Data items:
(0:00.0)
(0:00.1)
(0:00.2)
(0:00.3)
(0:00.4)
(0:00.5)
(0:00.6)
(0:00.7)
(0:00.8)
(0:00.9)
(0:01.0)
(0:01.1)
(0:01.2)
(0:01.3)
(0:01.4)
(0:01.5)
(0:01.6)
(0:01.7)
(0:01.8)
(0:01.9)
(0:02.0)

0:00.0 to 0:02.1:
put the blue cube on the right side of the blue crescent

WHAT IS REQUIRED
Copy the whole of the data above exactly.

SOLUTION
(0:00.0)
(0:00.1)
(0:00.2)
(0:00.3)
(0:00.4)
(0:00.5)
(0:00.6)
(0:00.7)
(0:00.8)
(0:00.9)
(0:01.0)
(0:01.1)
(0:01.2)
(0:01.3)
(0:01.4)
(0:01.5)
(0:01.6)
(0:01.7)
(0:01.8)
(0:01.9)
(0:02.0)

0:00.0 to 0:02.1:
put the blue cube on the right side of the blue crescent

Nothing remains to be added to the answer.